We knew that Apple was going to introduce a new chip, but in the end the apple company has exceeded our expectations with the Apple M1 Pro and Apple M1 Max SoCs, two silicones that maintain the ARM architecture at the CPU level and that, of course, raise the bar compared to the previous generation, and in every way, as we will see next. Both will be used in Apple’s new MacBook Pros.
The SoC Apple M1 Pro is manufactured in the process of 5 nm, and yes, as you may have imagined TSMC has been in charge of cooking it. Add a total of 33.7 billion transistors, it has a CPU of up to 10 cores divided into 8 high-performance cores and 2 high-efficiency cores, as we can clearly see in the diagram that Apple has shared.
The two high-efficiency cores add up 4 MB L2 cache, while the eight high-performance cores have 24MB L2 cache. The difference is remarkable, and the same is true of the supported instruction sets. We are facing an important jump compared to the Apple M1 SoC, since it has four high-performance cores and four high-efficiency cores.
The GPU adds 16 graphics cores, which are broken down into a total of 2,048 execution units, what we popularly know as shaders. Its gross power is 5.2 TFLOPs in FP32, a figure that fits with what we can expect from a mid-range graphics card like the GTX 1660, to take a well-known and easy-to-assimilate example.

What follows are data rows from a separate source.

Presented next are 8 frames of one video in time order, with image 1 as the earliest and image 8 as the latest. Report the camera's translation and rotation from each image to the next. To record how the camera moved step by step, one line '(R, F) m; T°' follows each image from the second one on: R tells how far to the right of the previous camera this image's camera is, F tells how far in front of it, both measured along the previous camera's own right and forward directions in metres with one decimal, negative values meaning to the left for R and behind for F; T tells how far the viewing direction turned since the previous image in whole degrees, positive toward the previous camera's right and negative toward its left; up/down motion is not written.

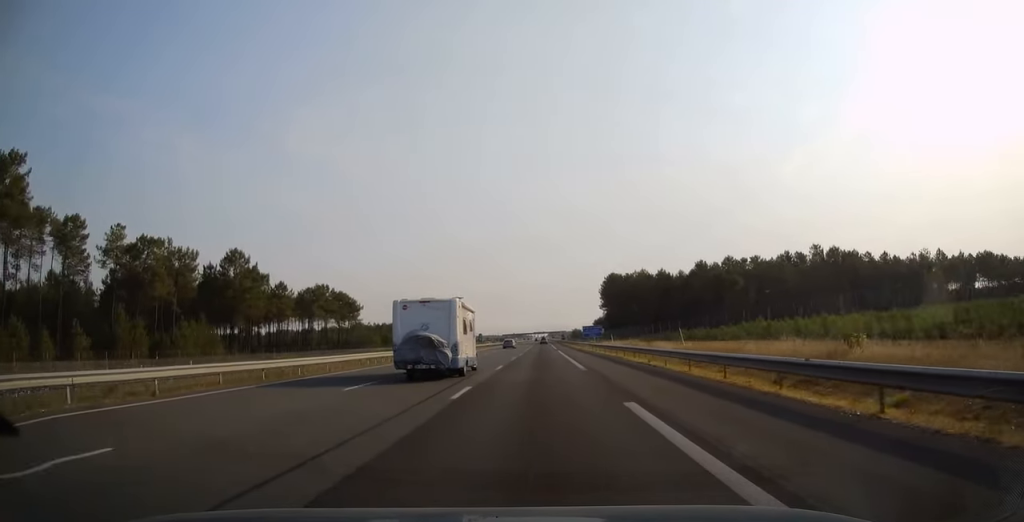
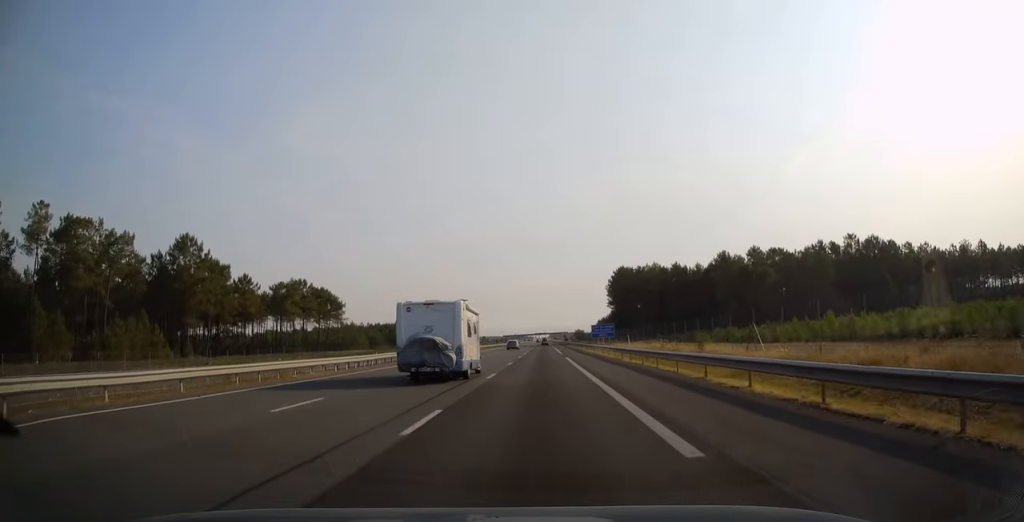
(0.0, +17.9) m; 0°
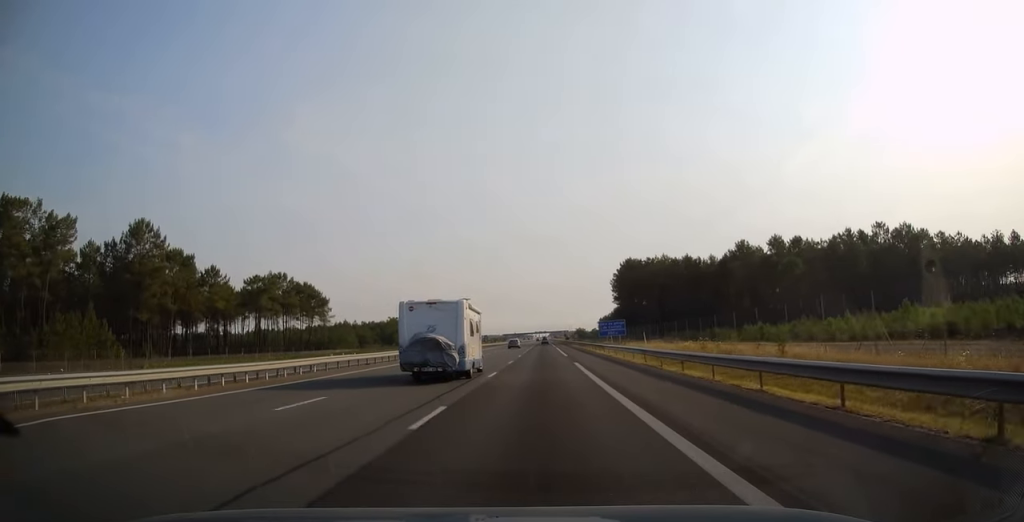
(-0.1, +12.8) m; 0°
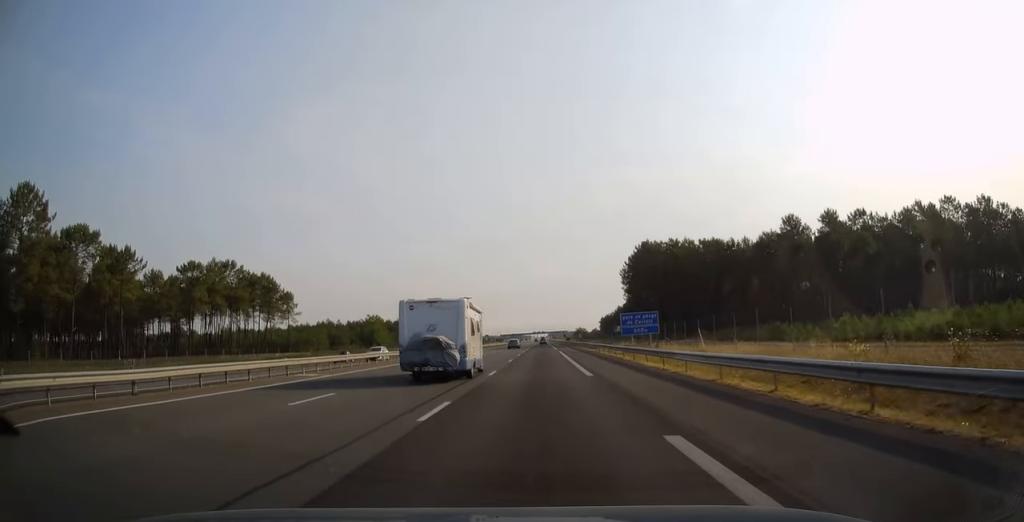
(0.0, +25.1) m; 0°
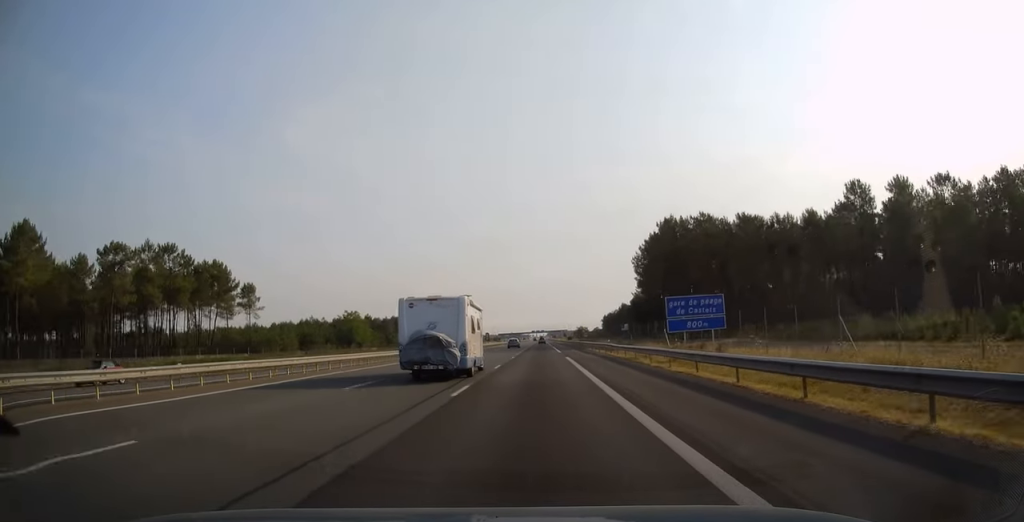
(+0.1, +21.8) m; 0°
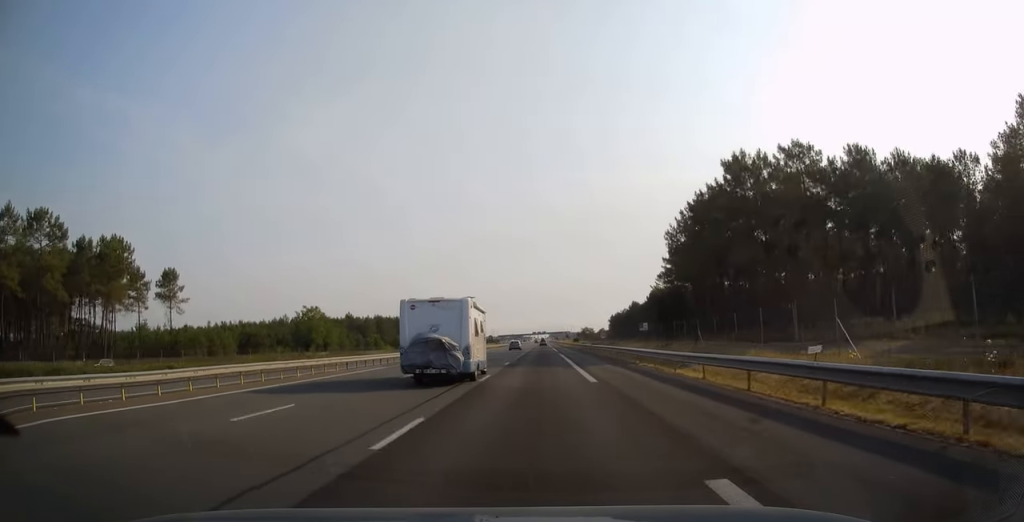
(0.0, +32.7) m; 0°
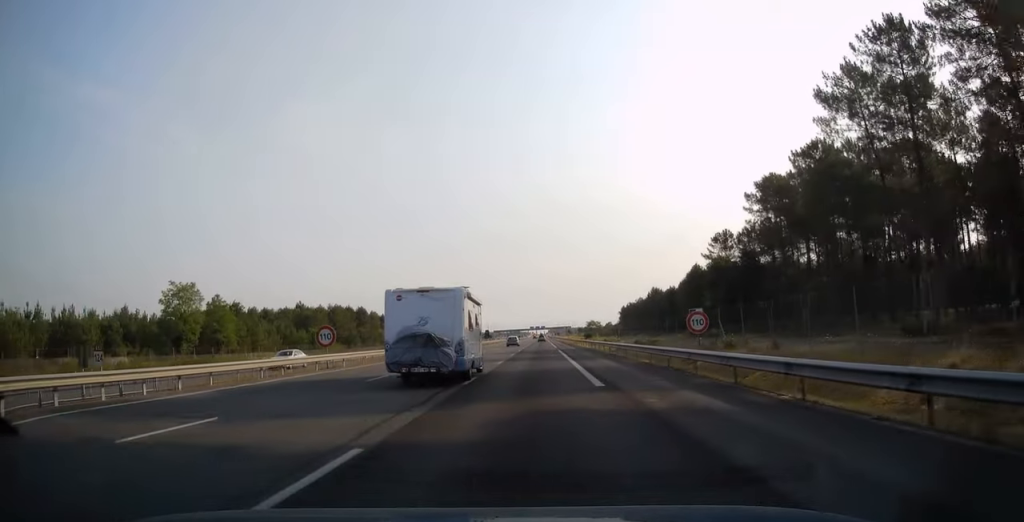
(-0.3, +55.1) m; 0°
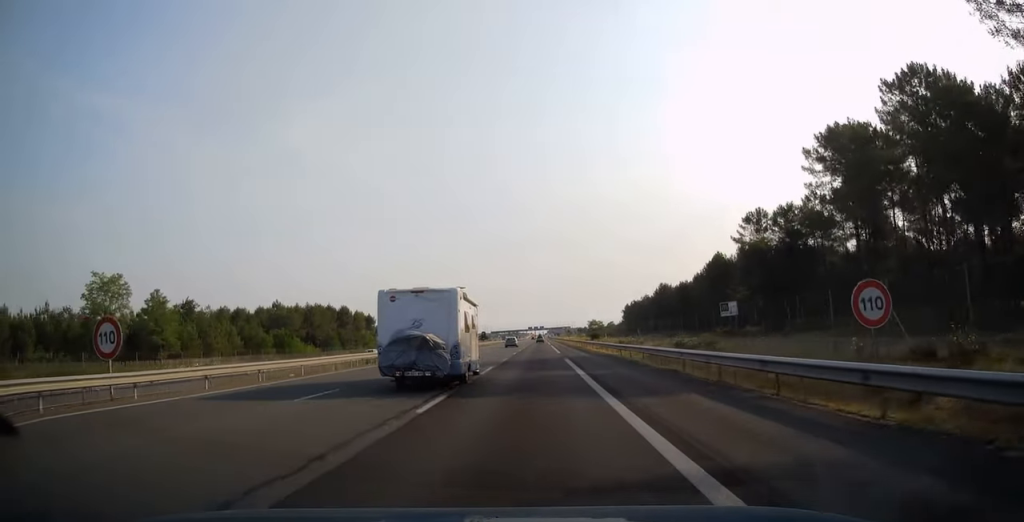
(+0.1, +19.0) m; 0°

This does not mean that Apple’s GPU performs the same as NVIDIA’s solution in all fields, but it allows us to illustrate quite accurately the great leap that the apple giant has taken.
The Apple M1 Pro SoC maintains the design that we had seen in the Apple M1, which means that the apple company has shaped an SoC that is accompanied by a wide set of elements, including the I / O subsystem, the unit neural processing and memory subsystem. As we can see in the image, the SoC Apple M1 Pro can mount up to 32GB of unified memory with a high bandwidth. The memory is LPDDR5 type, uses a 256-bit bus, and being integrated right next to the SoC it is possible to greatly reduce latency. Raw, it can reach up to 200 GB / s of bandwidth.

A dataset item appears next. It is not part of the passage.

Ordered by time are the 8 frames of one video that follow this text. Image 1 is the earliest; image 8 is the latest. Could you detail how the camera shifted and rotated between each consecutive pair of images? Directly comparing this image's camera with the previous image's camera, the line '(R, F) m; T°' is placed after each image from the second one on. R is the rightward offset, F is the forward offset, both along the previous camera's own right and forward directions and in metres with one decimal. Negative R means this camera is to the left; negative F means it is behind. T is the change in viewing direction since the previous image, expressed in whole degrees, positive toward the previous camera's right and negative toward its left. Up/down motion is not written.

Apple has doubled the bandwidth of the previous generation, but has also taken care of the rest of the elements that make up the Apple M1 Pro SoC, such as the multimedia engine, which accelerates H.264, HEVC, ProRes and ProRes RAW. The neural processing unit has 16 cores and can perform up to 11 trillion operations per second, while the Secure Enclave adds a significant layer of security. How could it be otherwise, it is compatible with Intel’s Thunderbolt 4 standard, and with the Apple M1 Pro SoC we can connect up to two external displays.

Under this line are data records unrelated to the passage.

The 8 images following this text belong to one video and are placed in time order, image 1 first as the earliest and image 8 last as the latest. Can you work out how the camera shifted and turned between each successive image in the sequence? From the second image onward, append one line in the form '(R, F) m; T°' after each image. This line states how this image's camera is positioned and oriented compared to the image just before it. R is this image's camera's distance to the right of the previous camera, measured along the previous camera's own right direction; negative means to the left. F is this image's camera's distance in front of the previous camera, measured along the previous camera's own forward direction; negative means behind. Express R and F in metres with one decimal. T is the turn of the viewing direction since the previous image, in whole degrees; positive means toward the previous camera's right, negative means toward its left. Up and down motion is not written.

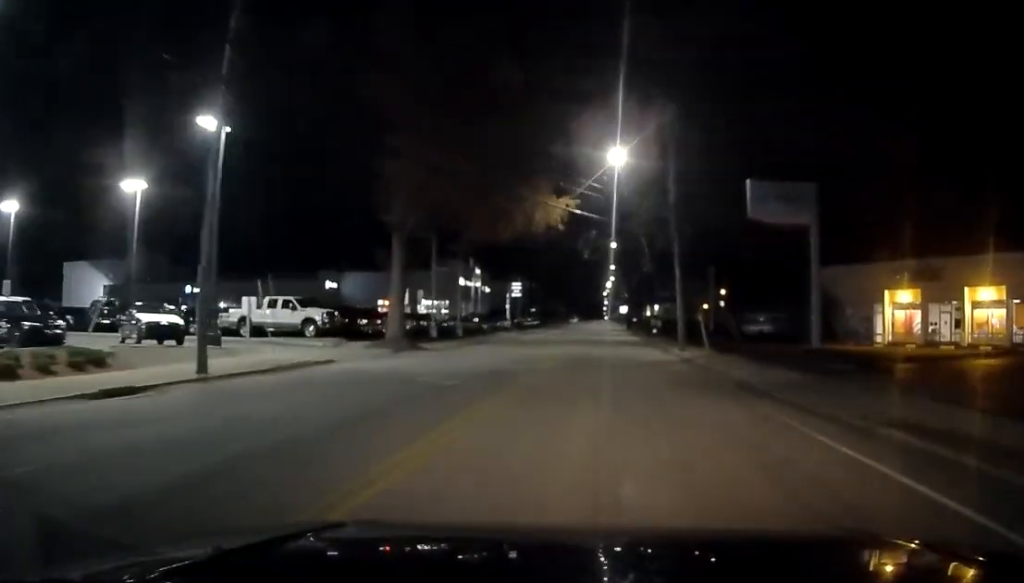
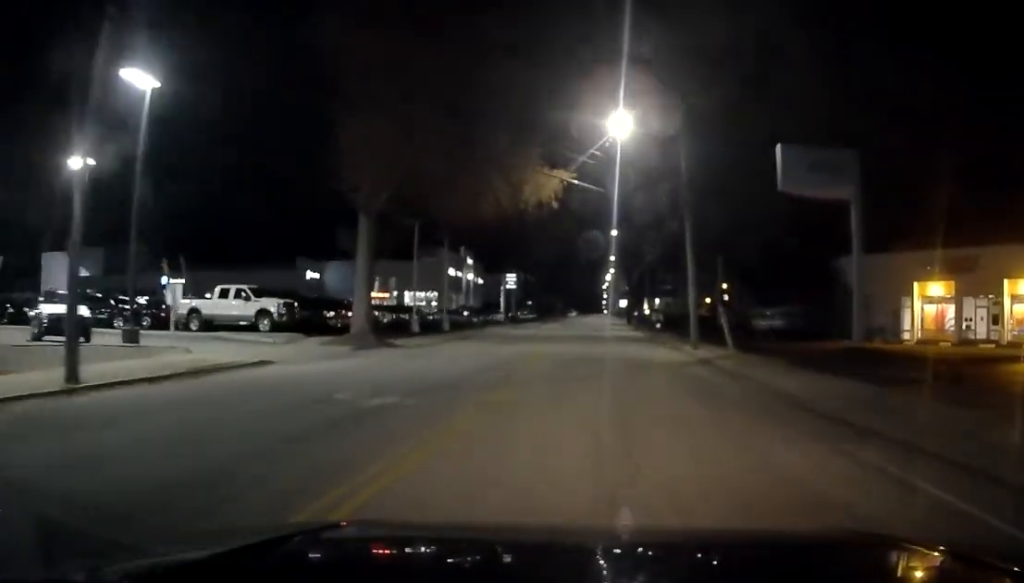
(0.0, +5.0) m; 0°
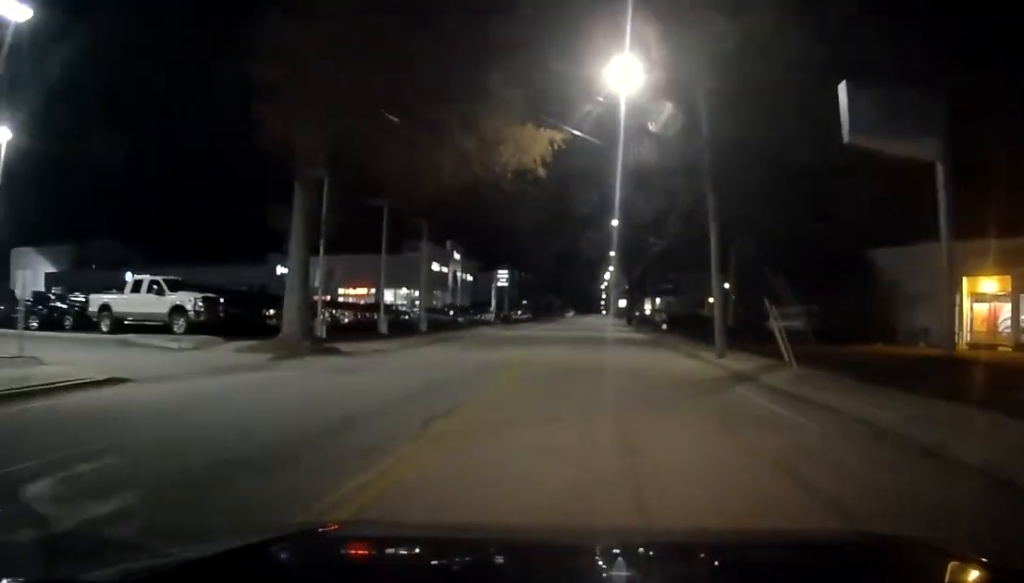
(+0.2, +6.8) m; +2°
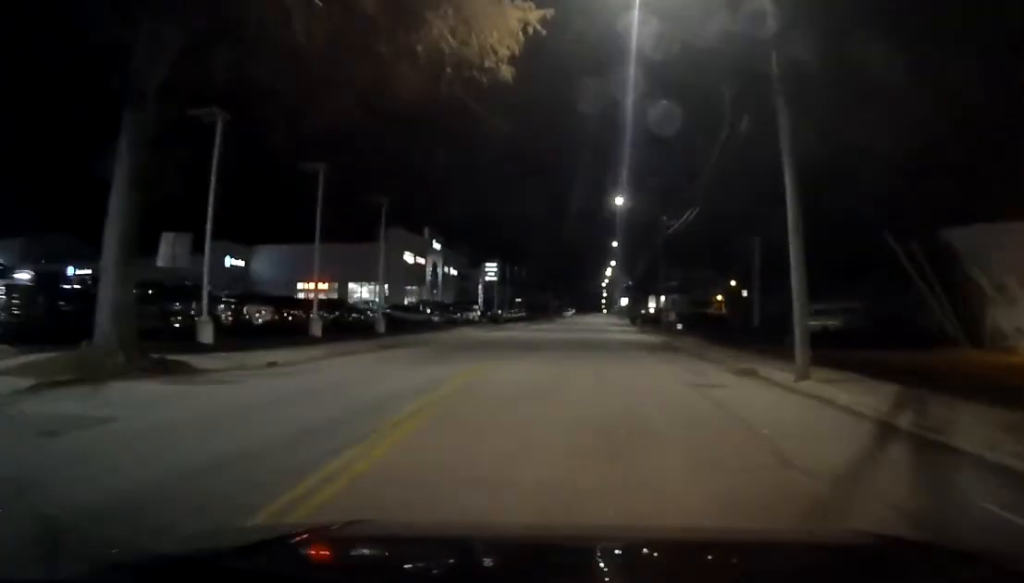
(+0.2, +10.0) m; 0°
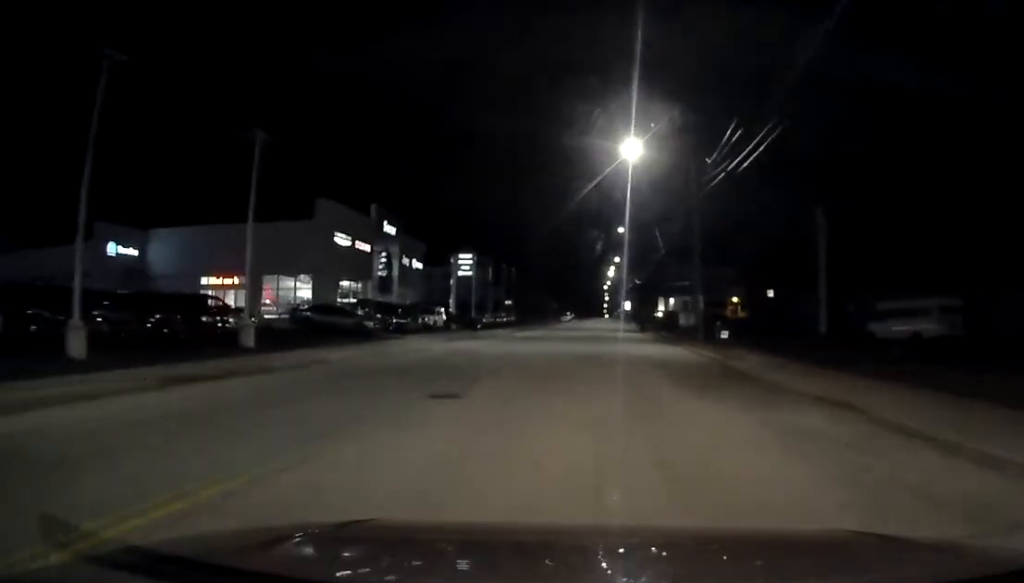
(-0.5, +15.6) m; -2°
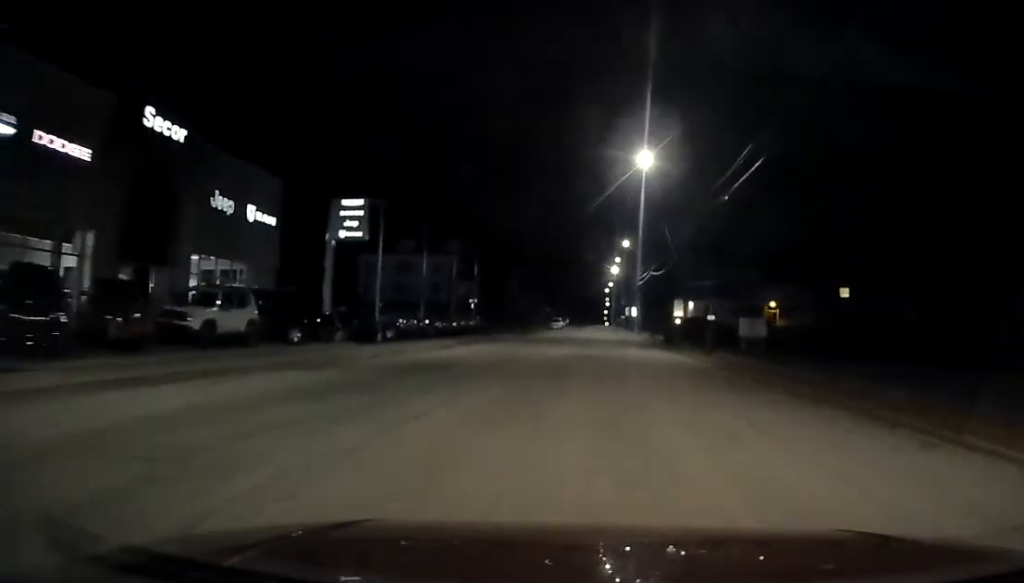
(+0.5, +28.4) m; +2°
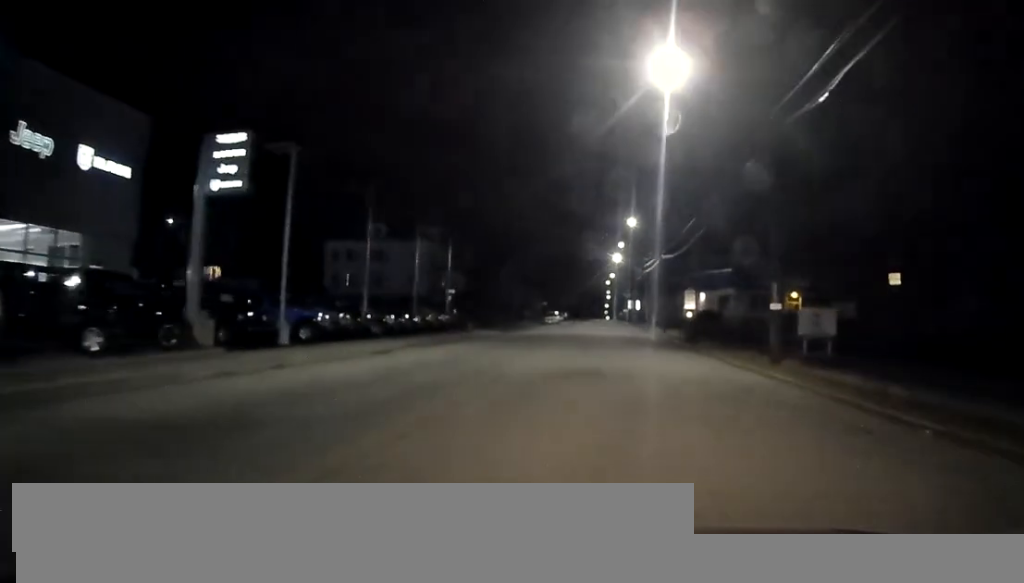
(+0.1, +11.5) m; 0°
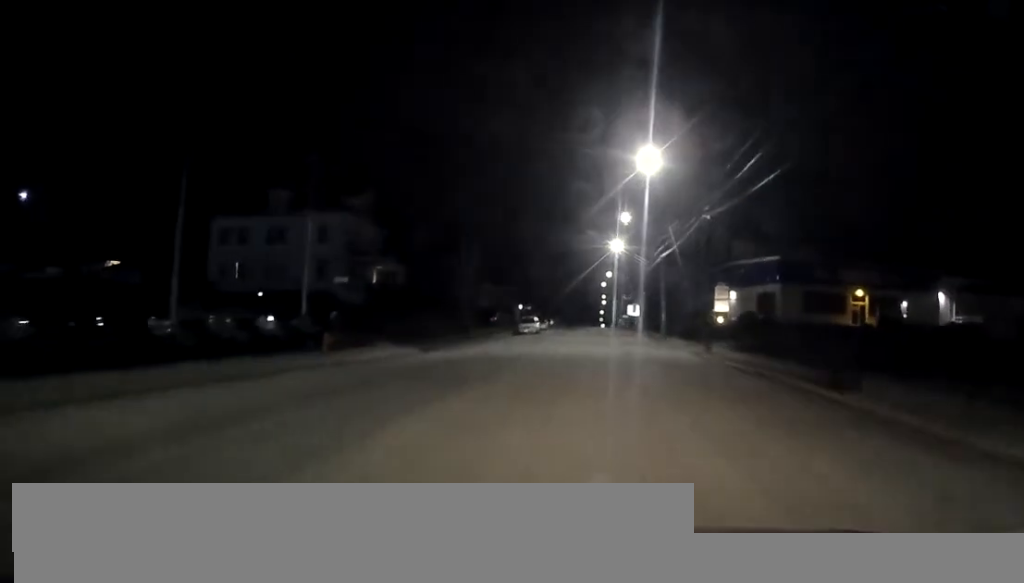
(-0.3, +25.5) m; -1°

Apple M1 Max: Uncompromising Power
I think there is no better way to define this chip, a solution that maintains the base of the previous one, since also uses TSMC’s 5nm processBut it comes with major improvements that make a substantial difference to the Apple M1 Pro SoC, especially when it comes to GPU performance, as Apple has doubled the number of graphics cores.
The Apple M1 Max SoC adds 57,000 million transistors, It also uses a ten-core configuration divided into eight high-performance cores and two high-efficiency cores, and maintains the SoC-like approach with all elements integrated on one chip. The neural processing unit maintains the 16 cores, which translates into a power of up to 11 trillion operations per second, and has the Secure Enclave and Thunderbolt 4 support. It also retains the same multimedia engine.
However, the differences between the Apple M1 Pro SoC and the Apple M1 Max SoC are, as we anticipated, quite stark. The latter has twice the unified memory, that is, adds up to 64GB of LPDDR5 on a 512-bit bus, which allows doubling the bandwidth (400 GB / s), and presents a very contained latency. It also highlights the support of up to four external displays, and the presence of a much more powerful GPU.
On the GPU of the Apple M1 Max SoC, it is worth delving a little more into its keys, since it is a solution that adds 32 cores graphics, which is equivalent to 4,096 execution units (shaders). This leaves us with a power of 10.4 TFLOPs in FP32, the same that can reach, for example, a GeForce RTX 3050 Mobile. Apply here the same logic that we saw previously, and that is that this comparison should serve as an approximate reference to contextualize that raw performance, but not as an absolute equivalence.